The triple header – Motegi, Phillip Island, and Sepang – is especially susceptible to this, as the three back-to-back races tend to leave the paddock in a state of constant befuddlement, fatigued from jet lag, and spending much of their time on 8+ hour flights between the various venues. Everything tends to become one big blur.

Yet there are vast differences between all four flyaways. Leaving the crushing heat of Thailand, the paddock heads east to Motegi, a track where conditions can be almost Northern European, with mist, rain, and cold mornings.

Across the equator to Australia, and the edge of the Bass Strait, from a massive circuit complex to an old-fashioned facility perched on a cliff above the sea, from stop and go to fast and flowing. Then north again to Malaysia, and more oppressive tropical heat.

Conditions, tracks, and cultures, all are different. Buriram lies in the heart of Thailand, a long way from the tourist-filled beaches. Motegi is up in the hills in central Japan, a place where the 21st Century meets a very traditional culture.

Phillip Island can be boiling hot or arctic cold, those two extremes often within 20 minutes of each other on what is essentially a vacation island. Sepang sits next to Kuala Lumpur, the epitome of a fast-growing Asian city, and a hodgepodge of cultures. The contrasts could hardly be greater.

Is the Chang International Circuit a great track?
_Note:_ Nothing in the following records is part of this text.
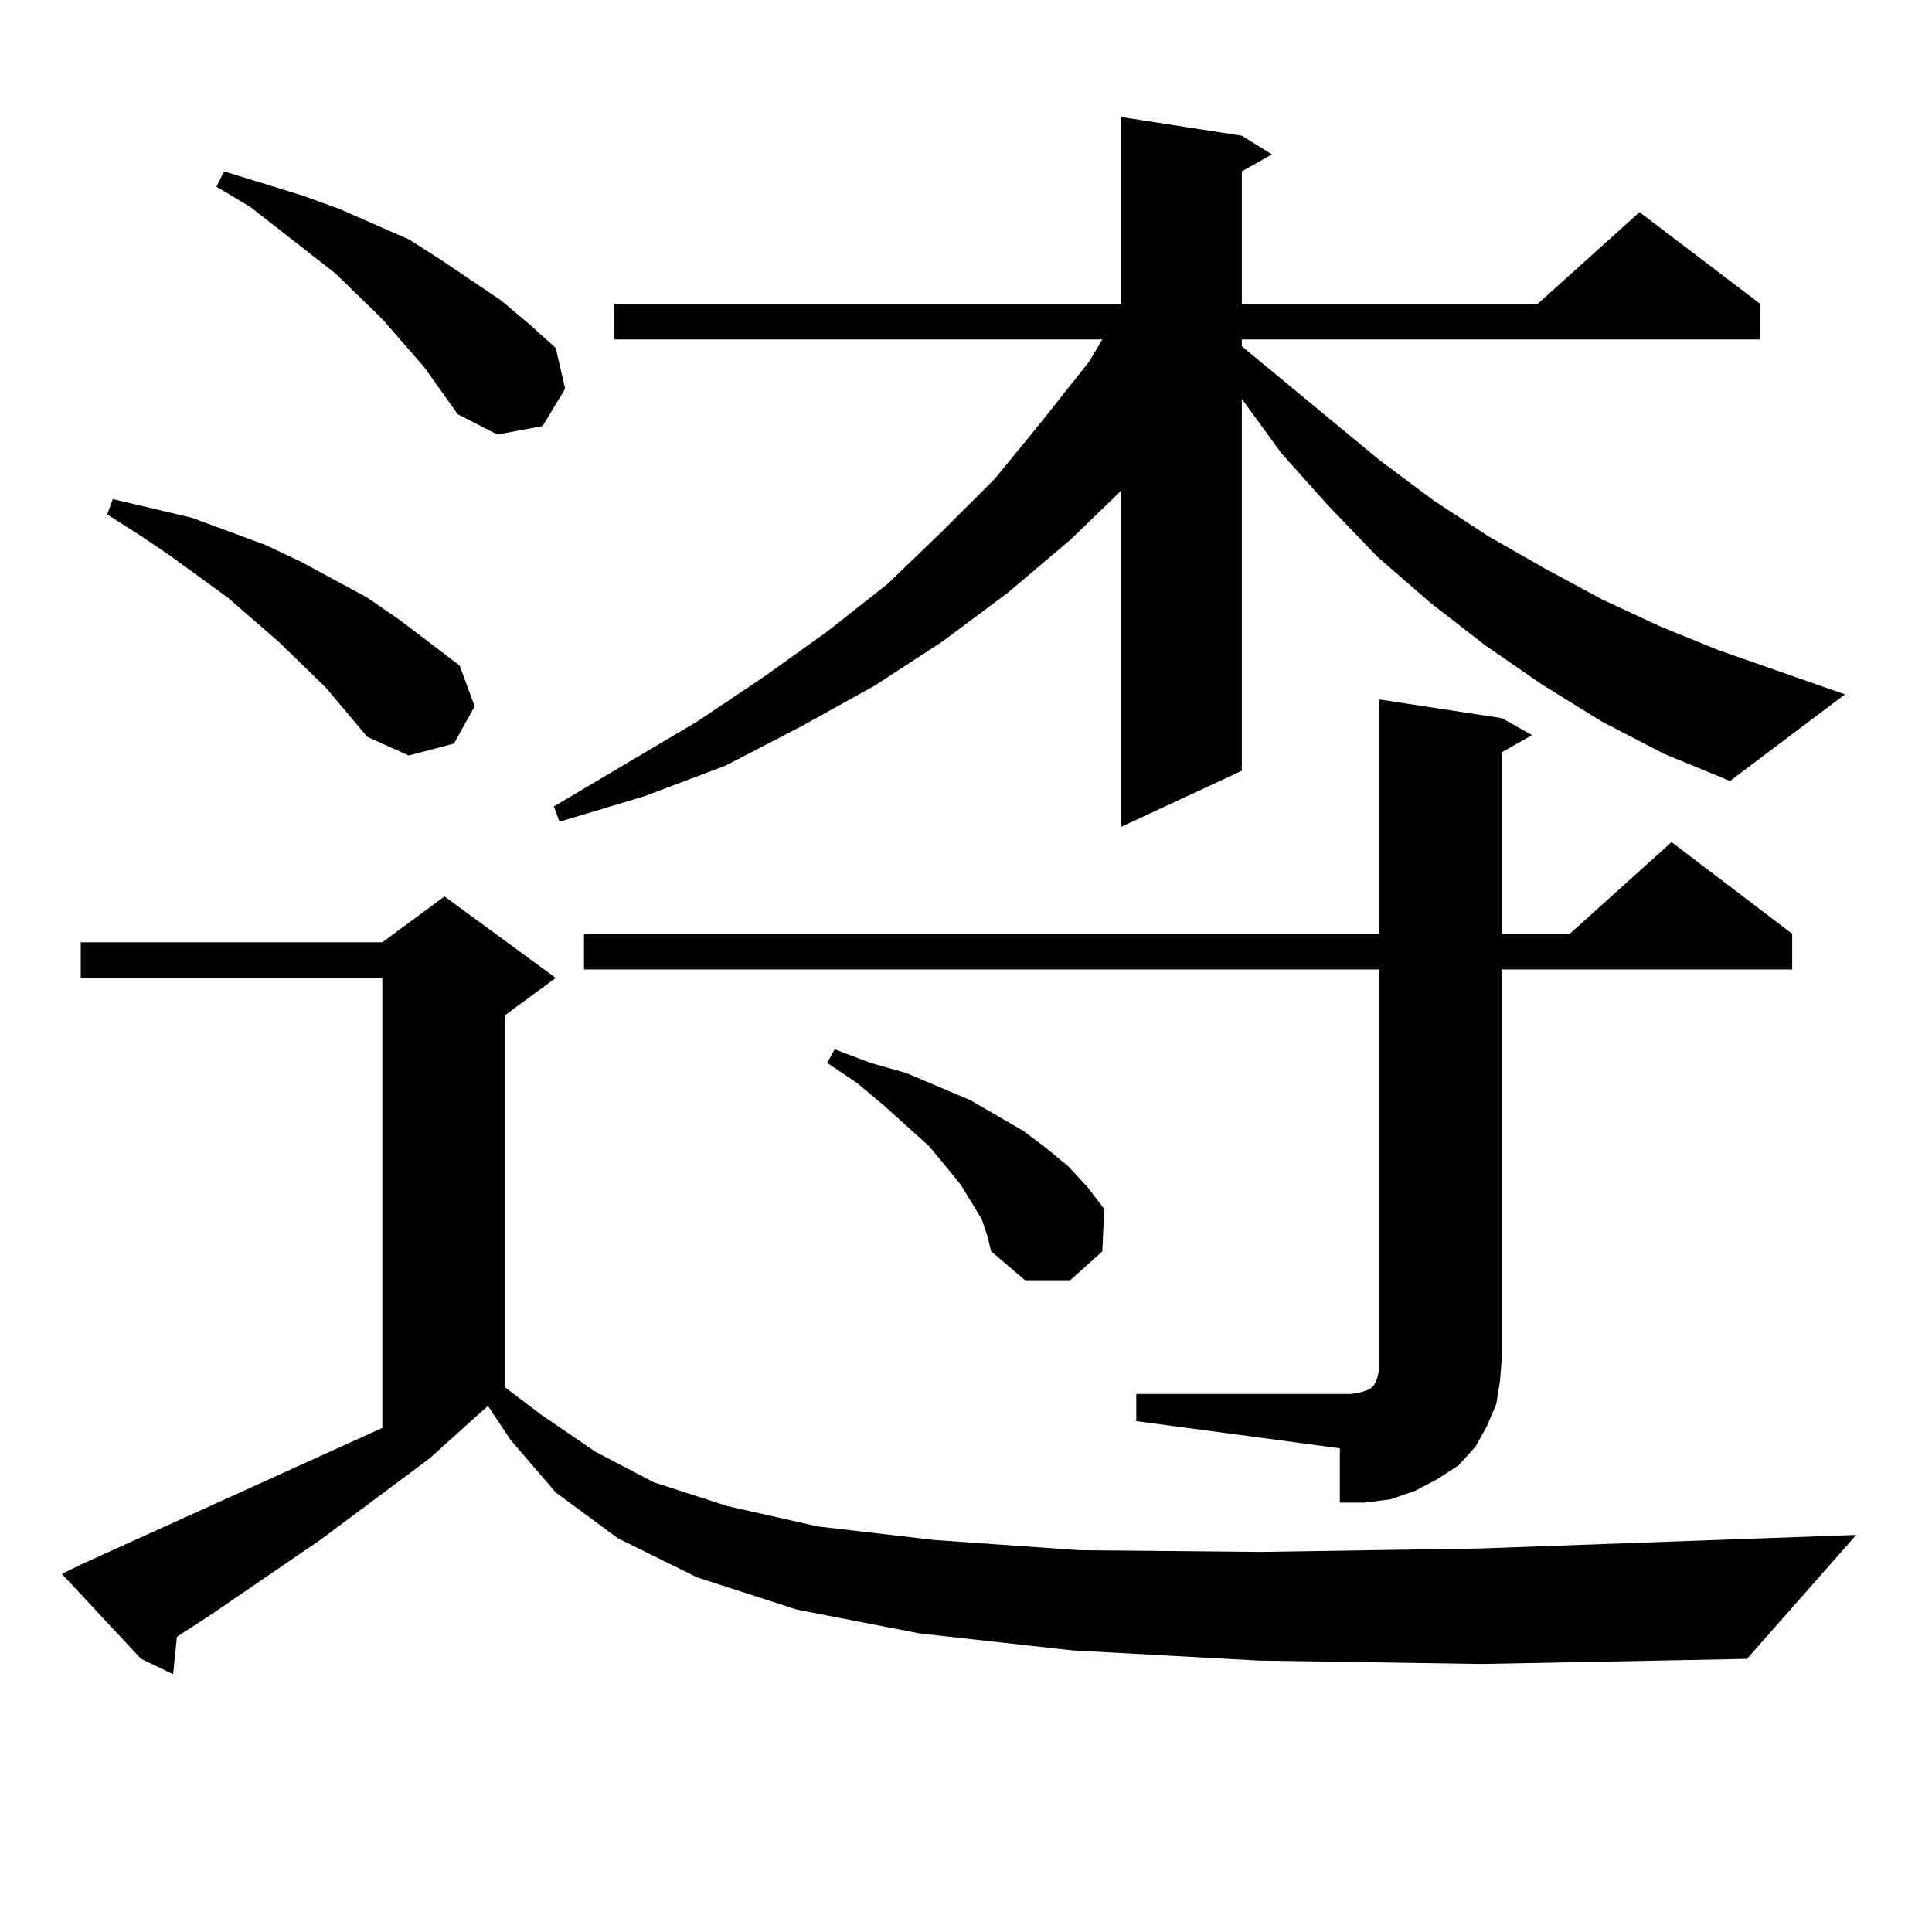 <?xml version="1.0" encoding="utf-8"?>
<!-- Generator: Adobe Illustrator 16.0.0, SVG Export Plug-In . SVG Version: 6.00 Build 0)  -->
<!DOCTYPE svg PUBLIC "-//W3C//DTD SVG 1.1//EN" "http://www.w3.org/Graphics/SVG/1.1/DTD/svg11.dtd">
<svg version="1.1" id="图层_1" xmlns="http://www.w3.org/2000/svg" xmlns:xlink="http://www.w3.org/1999/xlink" x="0px" y="0px"
	 width="1000px" height="1000px" viewBox="0 0 1000 1000" enable-background="new 0 0 1000 1000" xml:space="preserve">
<path d="M651.545,859.504l-96.583-5.273l-79.022-8.789l-63.413-12.305l-51.706-16.699l-40.975-20.215l-32.194-23.73l-23.414-27.246
	l-11.707-17.578l-30.243,27.246l-56.584,42.188l-56.584,38.672l-17.561,11.426l-1.951,19.336l-16.585-7.91L32.048,814.68l8.78-4.395
	l157.069-71.191v-232.91H41.804v-18.457h156.094l32.194-23.73l57.56,42.188l-26.341,19.336V718l18.536,14.063l28.292,19.336
	l30.243,15.82l38.048,12.305l46.828,10.547l60.486,7.031l75.12,5.273l93.656,0.879l113.168-1.758l195.117-7.031l-56.584,64.16
	l-137.558,2.637L651.545,859.504z M168.63,355.891l-24.39-23.73l-26.341-22.852l-30.243-21.973l-15.609-10.547l-16.585-10.547
	l2.927-7.91L99.363,268l38.048,14.063l18.536,8.789l34.146,18.457l16.585,11.426l31.219,23.73l7.805,21.094l-10.731,19.336
	l-23.414,6.152l-21.463-9.668L168.63,355.891z M219.36,189.777l-21.463-24.609l-24.39-23.73l-43.901-34.277l-17.561-10.547
	l3.902-7.91l39.999,12.305l19.512,7.031l36.097,15.82l16.585,10.547l31.219,21.094l14.634,12.305l13.658,12.305l4.878,21.094
	l-11.707,19.336l-23.414,4.395l-20.487-10.547L219.36,189.777z M829.102,373.469l-31.219-19.336l-29.268-20.215l-28.292-21.973
	l-27.316-23.73l-25.365-26.367l-24.39-27.246l-20.487-28.125v192.48l-62.438,29.004V253.938l-26.341,25.488l-32.194,27.246
	l-34.146,25.488l-35.121,22.852l-38.048,21.094l-39.023,20.215l-41.95,15.82l-43.901,13.184l-2.927-7.91l74.145-43.945
	l34.146-22.852l33.17-23.73l31.219-24.609l28.292-27.246l27.316-27.246l24.39-29.883l24.39-30.762l6.829-11.426H317.895v-18.457
	h262.433v-96.68l62.438,9.668l15.609,9.668l-15.609,8.789v68.555h153.167l52.682-47.461l62.438,47.461v18.457H642.765v3.516
	l71.218,58.887l28.292,21.094l28.292,18.457l29.268,16.699l29.268,15.82l30.243,14.063l30.243,12.305l65.364,22.852l-59.511,44.824
	l-34.146-14.063L829.102,373.469z M588.132,721.516h111.217l4.878-0.879l2.927-0.879l1.951-0.879l1.951-1.758l0.976-1.758
	l0.976-2.637l0.976-4.395v-6.152V501.789H302.285v-18.457h411.697V362.043l63.413,9.668l15.609,8.789l-15.609,8.789v94.043h35.121
	l52.682-47.461l62.438,47.461v18.457h-150.24V702.18l-0.976,12.305l-1.951,12.305l-4.878,11.426l-5.854,10.547l-8.78,9.668
	l-10.731,7.031l-11.707,6.152l-12.683,4.395l-13.658,1.758h-12.683v-28.125l-105.363-14.063V721.516z M508.134,630.988
	l-10.731-17.578l-7.805-9.668l-8.78-10.547l-23.414-21.094l-13.658-11.426l-15.609-10.547l3.902-7.031l18.536,7.031l18.536,5.273
	l16.585,7.031l16.585,7.031l27.316,15.82l11.707,8.789l11.707,9.668l9.756,10.547l8.78,11.426l-0.976,21.973l-16.585,14.941h-23.414
	l-17.561-14.941l-1.951-7.91L508.134,630.988z"/>
</svg>

It depends how you look at it.

“The Buriram circuit is really, really good, the asphalt is working in a good way with hot conditions, that is not easy. Also the runoff areas are really good, the pit boxes,” Marc Márquez said, carefully avoiding any discussion of the layout. Andrea Dovizioso was not exactly complimentary about the layout.

“The track is not the best in our championship, but at the end, everything works well.” Hardly gushing praise.

It may not be the best track layout in the championship, but it served up a veritable feast of racing. Two scintillating support races, with fierce battles both in Moto3 and Moto2, and then the fifth closest podium in premier class racing, and the fourth closest top 15 in Grand Prix history, the gap between first and fifteenth just under 24 seconds.

The last three laps of the MotoGP race were all-out war, with the lead swapping multiple times as a result of impossible passes. And over 100,000 fans braving the searing heat, cheering on their heroes with as much passion as you will find anywhere in the world. Is the Chang International Circuit a great track? It is when you measure it in terms of spectacle and atmosphere. The Thai Grand Prix is a worthy addition to the calendar.

The layout may not be fast and flowing throughout, but the fact that it is split into two halves with very different characters helped to keep the field close. The necessity to preserve tires did the same: Michelin had prepared for a cooler monsoon heat, not the unusual dry heat which meant track temperatures were 10°C higher than anticipated.

All this, combined with a final corner ideally suited to do-or-die passing attempts, and a short run to the line meaning it really had to be all or nothing going into the final turn, and we had a recipe for fantastic racing in Thailand.